§ **What is required**
Give the data again exactly, stopping after the "#3411 = DIRECTION" line.

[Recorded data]

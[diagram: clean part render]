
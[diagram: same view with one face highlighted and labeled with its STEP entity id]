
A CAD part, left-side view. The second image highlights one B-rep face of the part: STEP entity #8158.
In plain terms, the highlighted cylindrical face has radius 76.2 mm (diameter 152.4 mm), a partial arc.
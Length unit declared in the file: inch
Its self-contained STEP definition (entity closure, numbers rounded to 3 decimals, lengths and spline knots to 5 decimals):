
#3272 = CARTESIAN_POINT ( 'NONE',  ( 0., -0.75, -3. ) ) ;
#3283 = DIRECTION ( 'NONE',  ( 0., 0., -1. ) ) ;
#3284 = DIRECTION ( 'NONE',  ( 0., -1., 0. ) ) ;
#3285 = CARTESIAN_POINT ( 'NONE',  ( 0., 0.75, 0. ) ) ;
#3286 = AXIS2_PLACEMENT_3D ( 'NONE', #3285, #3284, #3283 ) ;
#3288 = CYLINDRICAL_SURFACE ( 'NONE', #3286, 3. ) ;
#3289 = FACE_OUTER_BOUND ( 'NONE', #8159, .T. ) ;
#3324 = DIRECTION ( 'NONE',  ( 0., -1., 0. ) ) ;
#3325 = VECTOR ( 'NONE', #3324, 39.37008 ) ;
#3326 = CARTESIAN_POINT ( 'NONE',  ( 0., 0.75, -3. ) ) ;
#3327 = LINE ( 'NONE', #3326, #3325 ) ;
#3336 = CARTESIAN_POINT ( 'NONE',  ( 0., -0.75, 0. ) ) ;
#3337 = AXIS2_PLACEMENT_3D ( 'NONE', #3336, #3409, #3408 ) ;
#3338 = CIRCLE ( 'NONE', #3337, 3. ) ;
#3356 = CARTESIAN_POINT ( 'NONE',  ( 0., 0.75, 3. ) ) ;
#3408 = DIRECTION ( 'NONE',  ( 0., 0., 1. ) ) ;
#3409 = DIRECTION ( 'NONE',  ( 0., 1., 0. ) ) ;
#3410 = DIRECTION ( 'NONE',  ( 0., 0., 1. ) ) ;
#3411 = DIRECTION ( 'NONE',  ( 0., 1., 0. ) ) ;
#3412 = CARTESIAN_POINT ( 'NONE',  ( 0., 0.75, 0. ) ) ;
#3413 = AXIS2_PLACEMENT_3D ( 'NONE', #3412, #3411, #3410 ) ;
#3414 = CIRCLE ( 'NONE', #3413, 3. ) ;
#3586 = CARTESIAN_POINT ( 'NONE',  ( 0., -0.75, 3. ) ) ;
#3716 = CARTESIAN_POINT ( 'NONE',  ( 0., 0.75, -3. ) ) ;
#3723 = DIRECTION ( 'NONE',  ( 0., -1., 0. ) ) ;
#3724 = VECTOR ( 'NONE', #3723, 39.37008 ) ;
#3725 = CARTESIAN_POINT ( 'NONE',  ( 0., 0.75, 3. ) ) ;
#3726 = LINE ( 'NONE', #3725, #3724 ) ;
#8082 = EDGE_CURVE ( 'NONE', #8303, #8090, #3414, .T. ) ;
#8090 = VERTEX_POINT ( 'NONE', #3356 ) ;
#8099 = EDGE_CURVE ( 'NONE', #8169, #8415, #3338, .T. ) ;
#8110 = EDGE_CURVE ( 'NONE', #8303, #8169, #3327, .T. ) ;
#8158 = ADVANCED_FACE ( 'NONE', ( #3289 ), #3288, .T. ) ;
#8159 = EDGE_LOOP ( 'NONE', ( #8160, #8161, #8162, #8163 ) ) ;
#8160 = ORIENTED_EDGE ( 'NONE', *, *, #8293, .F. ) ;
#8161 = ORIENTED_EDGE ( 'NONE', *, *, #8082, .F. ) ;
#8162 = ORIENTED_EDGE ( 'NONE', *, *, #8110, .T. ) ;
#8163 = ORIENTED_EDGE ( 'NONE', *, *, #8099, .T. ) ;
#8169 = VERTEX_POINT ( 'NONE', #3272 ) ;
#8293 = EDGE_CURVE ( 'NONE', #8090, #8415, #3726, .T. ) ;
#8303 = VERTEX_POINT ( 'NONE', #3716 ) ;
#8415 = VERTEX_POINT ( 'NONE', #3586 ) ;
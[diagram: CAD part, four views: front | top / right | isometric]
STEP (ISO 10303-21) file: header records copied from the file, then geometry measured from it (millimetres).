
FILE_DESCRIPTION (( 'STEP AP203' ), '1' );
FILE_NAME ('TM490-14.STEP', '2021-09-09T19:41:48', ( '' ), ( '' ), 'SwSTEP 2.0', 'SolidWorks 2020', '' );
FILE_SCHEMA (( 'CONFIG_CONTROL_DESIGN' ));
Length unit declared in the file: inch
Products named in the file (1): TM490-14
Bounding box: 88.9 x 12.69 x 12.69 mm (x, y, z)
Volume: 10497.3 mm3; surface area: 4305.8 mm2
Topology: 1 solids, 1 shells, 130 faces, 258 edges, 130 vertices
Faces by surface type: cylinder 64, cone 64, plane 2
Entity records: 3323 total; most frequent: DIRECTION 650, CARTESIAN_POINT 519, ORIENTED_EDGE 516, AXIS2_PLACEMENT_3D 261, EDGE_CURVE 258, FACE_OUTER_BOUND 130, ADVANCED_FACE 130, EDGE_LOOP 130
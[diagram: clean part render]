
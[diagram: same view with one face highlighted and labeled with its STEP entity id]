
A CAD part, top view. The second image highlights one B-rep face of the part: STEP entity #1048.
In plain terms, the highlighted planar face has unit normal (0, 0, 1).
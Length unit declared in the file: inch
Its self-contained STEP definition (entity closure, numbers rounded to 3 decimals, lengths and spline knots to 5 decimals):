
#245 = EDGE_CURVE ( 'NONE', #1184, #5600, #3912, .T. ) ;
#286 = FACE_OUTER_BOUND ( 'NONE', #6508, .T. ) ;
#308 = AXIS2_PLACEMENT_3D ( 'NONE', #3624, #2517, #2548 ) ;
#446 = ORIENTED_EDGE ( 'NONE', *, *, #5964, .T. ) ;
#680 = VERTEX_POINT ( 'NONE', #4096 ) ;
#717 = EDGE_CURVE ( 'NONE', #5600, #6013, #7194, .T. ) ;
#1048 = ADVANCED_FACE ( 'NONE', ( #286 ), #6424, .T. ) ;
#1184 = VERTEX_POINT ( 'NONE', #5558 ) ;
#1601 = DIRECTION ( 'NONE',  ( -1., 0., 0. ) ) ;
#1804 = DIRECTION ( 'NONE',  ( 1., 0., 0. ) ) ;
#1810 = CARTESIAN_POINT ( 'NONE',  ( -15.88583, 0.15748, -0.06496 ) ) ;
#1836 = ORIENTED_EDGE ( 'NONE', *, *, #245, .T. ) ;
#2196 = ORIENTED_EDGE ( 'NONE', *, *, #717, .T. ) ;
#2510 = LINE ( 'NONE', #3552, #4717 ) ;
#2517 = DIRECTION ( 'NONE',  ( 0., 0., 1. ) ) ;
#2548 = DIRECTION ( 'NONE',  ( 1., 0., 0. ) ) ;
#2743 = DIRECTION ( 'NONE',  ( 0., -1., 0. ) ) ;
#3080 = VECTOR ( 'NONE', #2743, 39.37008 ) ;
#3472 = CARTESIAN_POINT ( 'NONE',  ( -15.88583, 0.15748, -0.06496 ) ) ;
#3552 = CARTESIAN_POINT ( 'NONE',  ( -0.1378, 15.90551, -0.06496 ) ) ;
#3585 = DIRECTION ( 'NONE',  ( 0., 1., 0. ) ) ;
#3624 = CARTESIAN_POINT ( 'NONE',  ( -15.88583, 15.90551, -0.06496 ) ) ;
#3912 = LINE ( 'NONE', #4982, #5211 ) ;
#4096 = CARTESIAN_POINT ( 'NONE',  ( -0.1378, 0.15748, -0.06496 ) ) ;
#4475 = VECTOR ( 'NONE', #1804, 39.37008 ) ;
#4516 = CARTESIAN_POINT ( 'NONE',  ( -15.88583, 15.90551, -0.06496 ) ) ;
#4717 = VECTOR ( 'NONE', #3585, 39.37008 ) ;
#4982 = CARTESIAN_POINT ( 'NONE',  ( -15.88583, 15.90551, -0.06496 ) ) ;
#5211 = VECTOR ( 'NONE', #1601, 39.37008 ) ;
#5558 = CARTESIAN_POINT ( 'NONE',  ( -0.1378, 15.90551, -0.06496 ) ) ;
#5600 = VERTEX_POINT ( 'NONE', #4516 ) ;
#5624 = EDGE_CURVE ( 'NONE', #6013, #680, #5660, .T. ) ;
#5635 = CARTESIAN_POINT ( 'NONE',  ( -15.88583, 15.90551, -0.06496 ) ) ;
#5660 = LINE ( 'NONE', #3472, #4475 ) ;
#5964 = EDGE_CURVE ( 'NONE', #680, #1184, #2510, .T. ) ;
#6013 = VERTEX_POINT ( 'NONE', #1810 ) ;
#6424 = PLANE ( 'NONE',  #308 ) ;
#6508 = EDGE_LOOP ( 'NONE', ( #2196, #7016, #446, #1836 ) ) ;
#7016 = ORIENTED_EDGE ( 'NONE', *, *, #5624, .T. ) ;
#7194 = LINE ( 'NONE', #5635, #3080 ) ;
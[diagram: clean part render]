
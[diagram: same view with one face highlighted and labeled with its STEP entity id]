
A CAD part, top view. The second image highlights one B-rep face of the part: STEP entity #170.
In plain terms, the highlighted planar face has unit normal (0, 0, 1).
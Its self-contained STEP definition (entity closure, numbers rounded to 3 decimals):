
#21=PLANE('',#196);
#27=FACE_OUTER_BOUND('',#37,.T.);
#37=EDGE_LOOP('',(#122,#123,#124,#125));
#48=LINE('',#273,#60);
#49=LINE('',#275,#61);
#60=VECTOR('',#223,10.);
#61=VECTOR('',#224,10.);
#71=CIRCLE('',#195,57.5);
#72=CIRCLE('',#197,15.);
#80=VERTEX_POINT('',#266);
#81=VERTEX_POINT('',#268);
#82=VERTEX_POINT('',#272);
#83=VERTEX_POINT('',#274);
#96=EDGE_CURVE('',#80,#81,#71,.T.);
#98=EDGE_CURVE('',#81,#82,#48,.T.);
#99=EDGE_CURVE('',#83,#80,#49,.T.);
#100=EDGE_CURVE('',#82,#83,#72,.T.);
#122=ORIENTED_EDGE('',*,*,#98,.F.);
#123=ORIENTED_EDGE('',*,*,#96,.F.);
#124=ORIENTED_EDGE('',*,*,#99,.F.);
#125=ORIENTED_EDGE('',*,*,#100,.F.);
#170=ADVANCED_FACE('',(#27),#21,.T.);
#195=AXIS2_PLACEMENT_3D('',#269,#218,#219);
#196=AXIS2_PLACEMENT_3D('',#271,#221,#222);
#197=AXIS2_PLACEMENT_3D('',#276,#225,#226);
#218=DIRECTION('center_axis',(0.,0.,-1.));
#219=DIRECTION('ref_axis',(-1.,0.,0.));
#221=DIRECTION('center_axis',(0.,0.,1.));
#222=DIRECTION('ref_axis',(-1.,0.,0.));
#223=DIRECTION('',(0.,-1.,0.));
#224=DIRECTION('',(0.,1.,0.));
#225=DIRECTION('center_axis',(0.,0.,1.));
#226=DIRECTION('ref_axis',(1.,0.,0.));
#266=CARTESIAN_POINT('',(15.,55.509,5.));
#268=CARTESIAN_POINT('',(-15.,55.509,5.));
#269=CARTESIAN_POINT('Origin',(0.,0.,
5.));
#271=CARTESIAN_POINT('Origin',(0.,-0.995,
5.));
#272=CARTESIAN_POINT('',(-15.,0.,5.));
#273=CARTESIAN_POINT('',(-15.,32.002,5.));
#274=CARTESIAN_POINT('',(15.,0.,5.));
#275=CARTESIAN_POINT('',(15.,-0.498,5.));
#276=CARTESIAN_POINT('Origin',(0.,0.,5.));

§ **Your response**
[diagram: clean part render]
[diagram: same view with one face highlighted and labeled with its STEP entity id]
A CAD part, left-side view. The second image highlights one B-rep face of the part: STEP entity #8158.
In plain terms, the highlighted cylindrical face has radius 76.2 mm (diameter 152.4 mm), a partial arc.
Length unit declared in the file: inch
Its self-contained STEP definition (entity closure, numbers rounded to 3 decimals, lengths and spline knots to 5 decimals):
#3272 = CARTESIAN_POINT ( 'NONE',  ( 0., -0.75, -3. ) ) ;
#3283 = DIRECTION ( 'NONE',  ( 0., 0., -1. ) ) ;
#3284 = DIRECTION ( 'NONE',  ( 0., -1., 0. ) ) ;
#3285 = CARTESIAN_POINT ( 'NONE',  ( 0., 0.75, 0. ) ) ;
#3286 = AXIS2_PLACEMENT_3D ( 'NONE', #3285, #3284, #3283 ) ;
#3288 = CYLINDRICAL_SURFACE ( 'NONE', #3286, 3. ) ;
#3289 = FACE_OUTER_BOUND ( 'NONE', #8159, .T. ) ;
#3324 = DIRECTION ( 'NONE',  ( 0., -1., 0. ) ) ;
#3325 = VECTOR ( 'NONE', #3324, 39.37008 ) ;
#3326 = CARTESIAN_POINT ( 'NONE',  ( 0., 0.75, -3. ) ) ;
#3327 = LINE ( 'NONE', #3326, #3325 ) ;
#3336 = CARTESIAN_POINT ( 'NONE',  ( 0., -0.75, 0. ) ) ;
#3337 = AXIS2_PLACEMENT_3D ( 'NONE', #3336, #3409, #3408 ) ;
#3338 = CIRCLE ( 'NONE', #3337, 3. ) ;
#3356 = CARTESIAN_POINT ( 'NONE',  ( 0., 0.75, 3. ) ) ;
#3408 = DIRECTION ( 'NONE',  ( 0., 0., 1. ) ) ;
#3409 = DIRECTION ( 'NONE',  ( 0., 1., 0. ) ) ;
#3410 = DIRECTION ( 'NONE',  ( 0., 0., 1. ) ) ;
#3411 = DIRECTION ( 'NONE',  ( 0., 1., 0. ) ) ;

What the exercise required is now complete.